Senior economist Krishen Rangasamy of National Bank Financial agreed Germany is likely picking up in the current quarter, based on recent measures of individual indicators. But the troubles for the group as a whole are far from over.

"The euro is undervalued for Germany, as evidenced by its current account surpluses, and that should help support Europe's largest economy," Mr. Rangasamy said.

"But the rest of the zone is set to remain in recession for the next little while, as austerity and credit contraction continue to hinder growth. For the euro zone as a whole, we expect GDP growth of zero this year (i.e. flat, as German expansion offsets declines elsewhere)."

Today's data also show Italy's economy contracting by 0.9 per cent, in the run-up to an election that's being fought on the economy.

"Today's release will likely shake up the Italian election campaign, possibly setting the tone as we head towards polling day on 24 February," said Paolo Pizzoli of ING Bank.

The picture is also ugly in Japan, though less so, with today's readings showing a contraction of 0.1 per cent in the fourth quarter, marking a third consecutive quarter of shrinking output. This came as the Bank of Japan today held back from any new measures.

Buffett in deal for Heinz
Warren Buffett's Berkshire Hathaway is teaming up with 3G Capital to acquire food giant H.J. Heinz Co. in what the companies call the biggest ever deal in the industry.

Berkshire and the investment firm are paying $72.50 (U.S.) a share in cash. Including debt, the deal for the manufacturer of everything from soup to ketchup is worth $28-billion.

Excluding debt, it's valued at $23-billion.

"With Heinz stock recently at an all-time high and 30 consecutive quarters of organic top-line growth, Heinz is being acquired from a position of strength," said Heinz chief executive officer William Johnson.

"As a private enterprise, Heinz will have an opportunity to drive further growth and advance our commitment to providing consumers across the globe with great tasting, nutritious and wholesome products."

Barrick takes huge hit
Africa has not been kind to Canada's big mining companies.

Barrick Gold Corp. today posted a loss of $3.06-billion (U.S.), or $3.06 a share, with a hit of $3.8-billion on its copper business amid higher costs at a Zambian copper mine.

As The Globe and Mail's Pav Jordan reports, that came just hours after Kinross Gold Corp. late yesterday announced an impairment charge of $3.2-billion on a project in Mauritania, also amid surging costs.

"Rising costs, poor capital allocation and the pursuit of production growth at any cost in the industry have led to declining equity valuations across the sector," said Barrick chief executive officer Jamie Sokalsky.

"The message is clear: the industry must chart a new path forward. Barrick highlighted the need for change last year, and we are increasingly taking strong action and re-focusing our business based on the principle that returns will drive production, production will not drive returns."

AMR, US Air in deal
The parent company of American Airlines today unveiled its long-awaited merger deal with US Airways Group to create the world's biggest carrier that would be valued at some $11-billion (U.S.).

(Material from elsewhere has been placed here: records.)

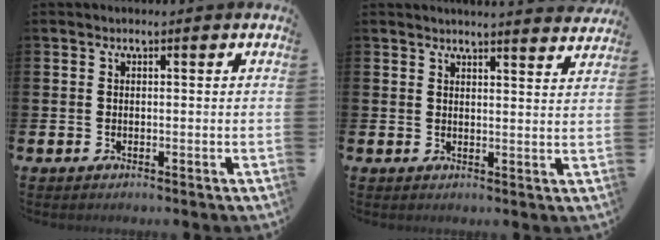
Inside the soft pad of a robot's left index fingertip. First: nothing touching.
{"total": 3.5, "force": [3.5, -0.4, 0.0], "torque": [0.000, -0.025, 0.061]}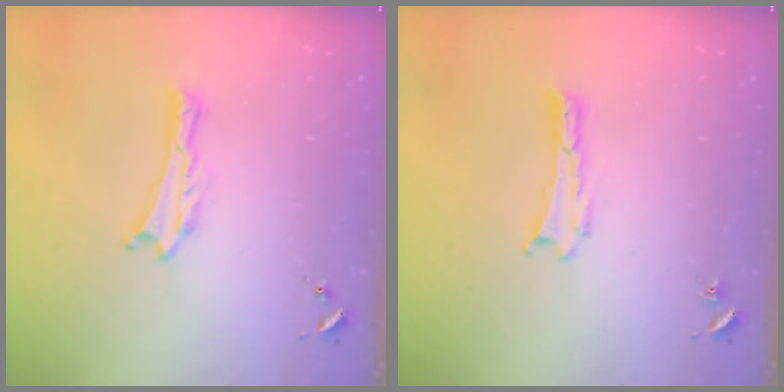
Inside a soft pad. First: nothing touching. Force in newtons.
{"total": 0.0}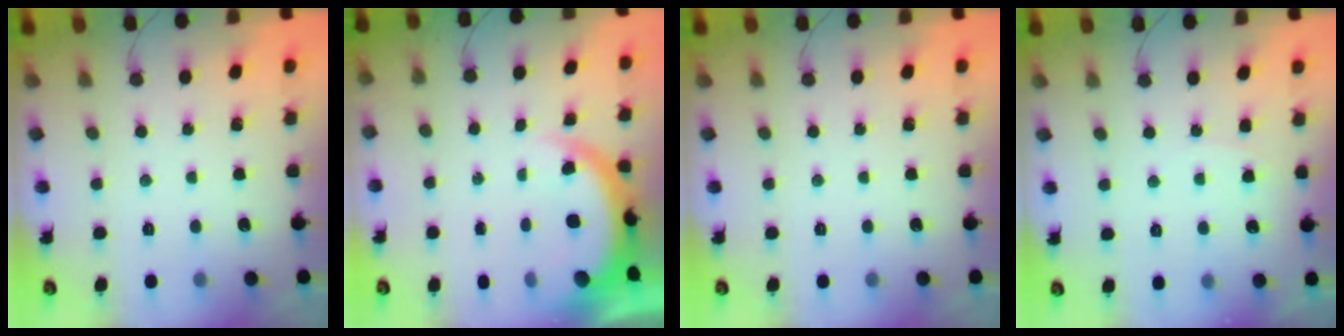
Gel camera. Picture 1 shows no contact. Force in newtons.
{"total": 5.2, "press": 5.1, "slide": 0.8}
{"total": 0.0}
{"total": 3.3, "press": 3.3, "slide": 0.5}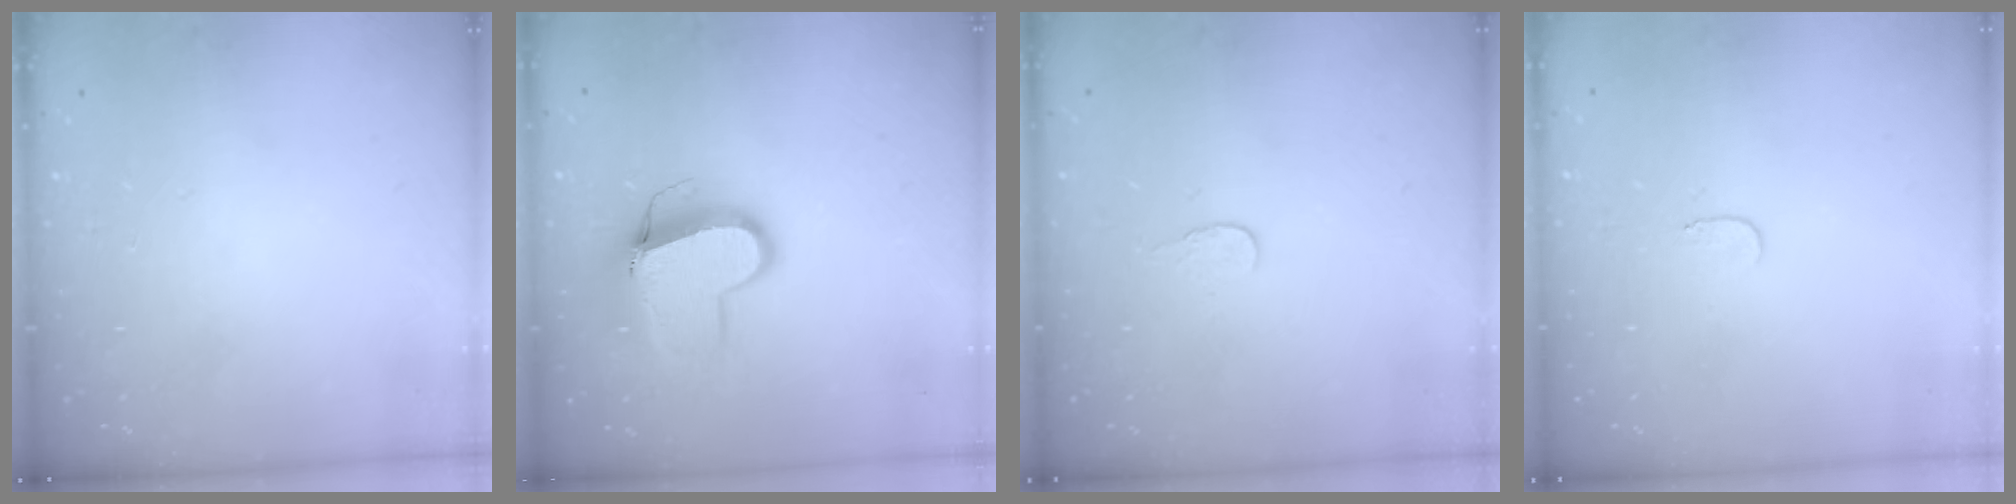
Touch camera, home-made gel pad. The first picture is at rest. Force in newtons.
{"total": 11.6, "press": 11.6, "slide": 1.2}
{"total": 3.8, "press": 3.8, "slide": 0.3}
{"total": 3.0, "press": 3.0, "slide": 0.3}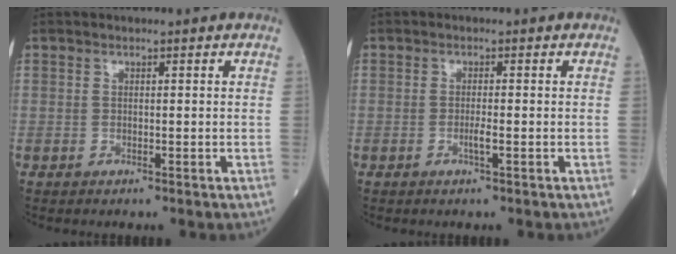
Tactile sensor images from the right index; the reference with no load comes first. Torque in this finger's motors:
{"motor_torque": [0.18, -0.05, 0.17, 0.04]}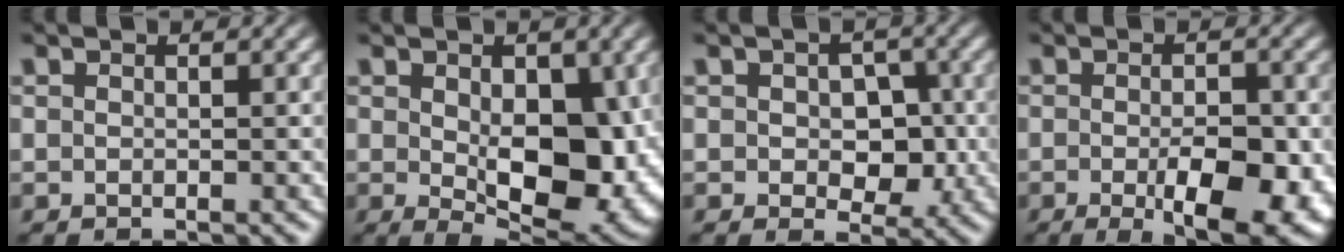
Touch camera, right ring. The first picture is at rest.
{"total": 10.1, "force": [-0.7, 4.7, 8.9], "torque": [-0.132, -0.040, 0.014]}
{"total": 4.4, "force": [-0.2, 3.4, 2.7], "torque": [-0.025, -0.007, -0.001]}
{"total": 8.5, "force": [-2.3, 3.0, 7.6], "torque": [-0.099, -0.012, -0.028]}

US Airways shareholders will get one share of the new company for each current share.

The two companies said today that, together, they will run more than 6,700 flights a day to 56 countries.

Still, creditors and unions of AMR, which sank into bankruptcy protection more than a year ago, will hold the most stock.

Oil patch pulls back
The latest quarterly results from some key oil patch companies show how pricing pressures are translating into cutbacks or flat growth in their expansion plans this year, The Globe and Mail's Bertrand Marotte reports.

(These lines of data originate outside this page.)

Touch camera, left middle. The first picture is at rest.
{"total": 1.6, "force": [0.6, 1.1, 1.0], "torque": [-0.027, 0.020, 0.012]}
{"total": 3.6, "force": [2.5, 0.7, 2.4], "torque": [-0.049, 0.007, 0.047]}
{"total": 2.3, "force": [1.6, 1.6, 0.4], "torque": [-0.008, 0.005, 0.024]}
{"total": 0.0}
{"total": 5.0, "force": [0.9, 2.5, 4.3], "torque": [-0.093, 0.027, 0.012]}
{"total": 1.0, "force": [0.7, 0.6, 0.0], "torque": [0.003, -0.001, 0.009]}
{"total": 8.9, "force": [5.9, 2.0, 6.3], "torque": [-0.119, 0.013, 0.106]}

Precision Drilling Corp., for example, is planning $526-million in capital expenditures this year, half the $1.1-billion it budgeted for in 2012.

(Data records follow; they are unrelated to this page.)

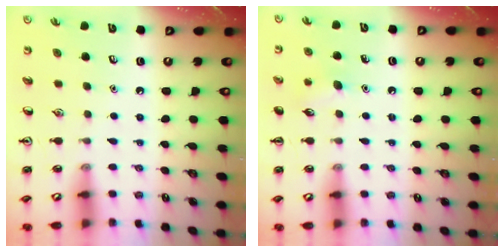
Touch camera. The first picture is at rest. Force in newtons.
{"total": 7.1, "press": 6.8, "slide": 2.1}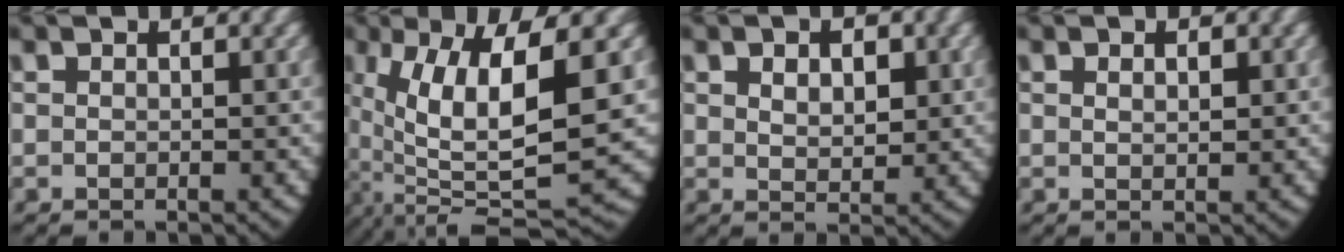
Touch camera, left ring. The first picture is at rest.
{"total": 11.9, "force": [-1.1, 5.4, 10.5], "torque": [-0.190, -0.031, 0.010]}
{"total": 2.5, "force": [0.8, 1.3, 2.0], "torque": [-0.033, -0.020, 0.027]}
{"total": 1.0, "force": [0.3, 0.1, 1.0], "torque": [-0.018, -0.011, 0.013]}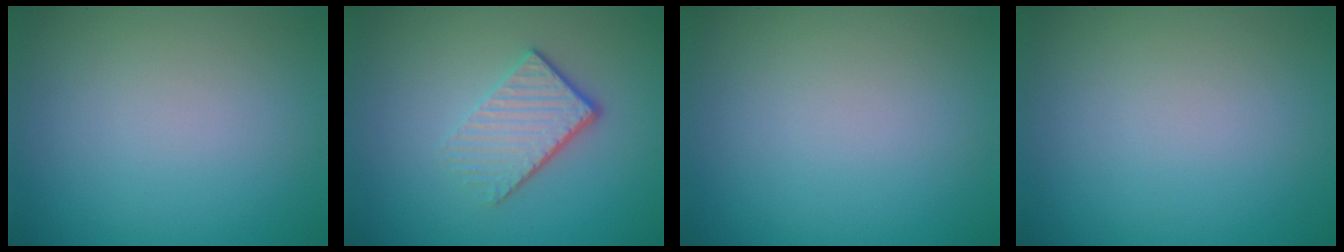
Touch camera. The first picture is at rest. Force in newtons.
{"total": 4.1, "press": 2.8, "slide": 3.0}
{"total": 0.0}
{"total": 0.0}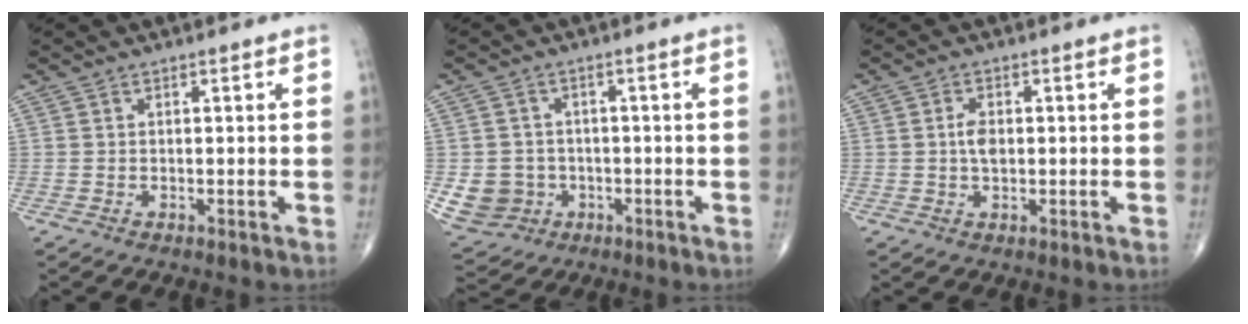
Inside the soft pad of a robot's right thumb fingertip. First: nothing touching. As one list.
[{"total": 7.3, "force": [-1.4, 6.9, 1.8], "torque": [-0.021, 0.010, -0.014]}, {"total": 3.1, "force": [0.2, 1.7, 2.5], "torque": [-0.046, 0.001, 0.002]}]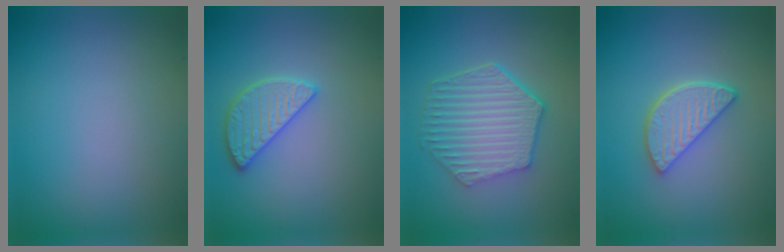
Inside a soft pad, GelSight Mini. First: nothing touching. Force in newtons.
{"total": 2.8, "press": 2.8, "slide": 0.6}
{"total": 6.3, "press": 4.9, "slide": 3.9}
{"total": 3.9, "press": 3.2, "slide": 2.2}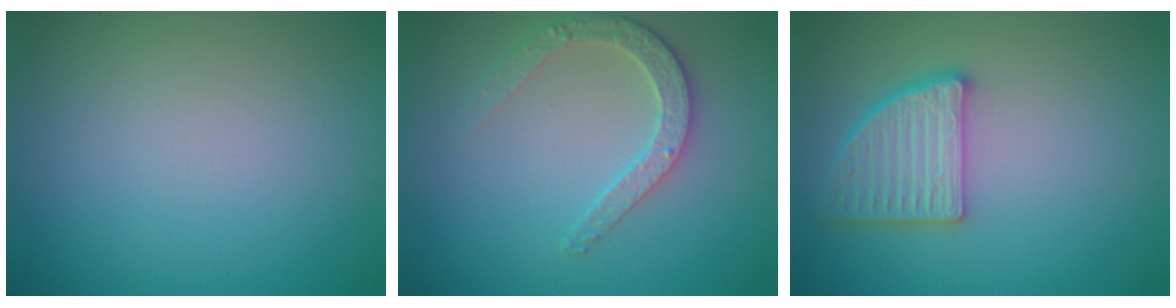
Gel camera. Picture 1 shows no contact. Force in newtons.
{"total": 2.7, "press": 2.6, "slide": 0.7}
{"total": 4.2, "press": 3.9, "slide": 1.6}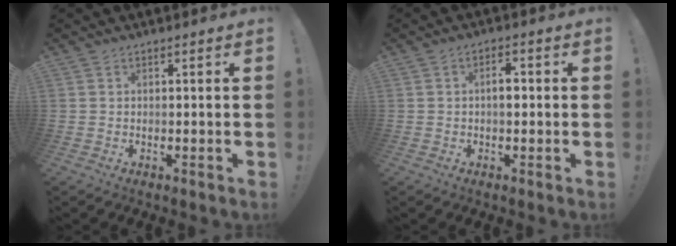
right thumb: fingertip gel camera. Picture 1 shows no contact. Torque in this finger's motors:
{"motor_torque": [0.46, 0.67, -0.12, 0.13, 0.00]}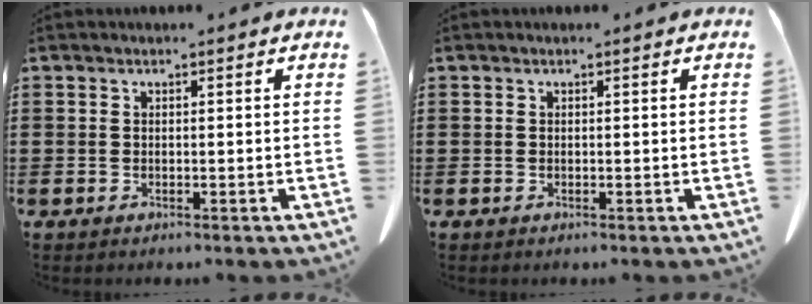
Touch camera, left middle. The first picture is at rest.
{"total": 0.0}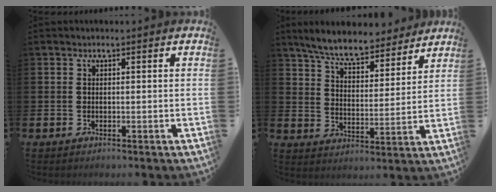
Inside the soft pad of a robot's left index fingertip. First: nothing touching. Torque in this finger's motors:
{"motor_torque": [0.60, -0.68, 0.81, 0.21]}

Encana Corp., Canada's largest natural-gas company, says its capital investment for 2013 is estimated to be between $3-billion and $3.2-billion, up slightly from last year's $2.9-billion.

And Cenovus Energy Inc. booked a $393-million goodwill impairment in the fourth quarter related to the decline in estimated future cash flows for its Suffield assets, largely due to a drop in forecast natural gas prices over the long term. Cenovus is planning for between $3.2- and $3.6-billion in capital spending this year, about the same as in 2012.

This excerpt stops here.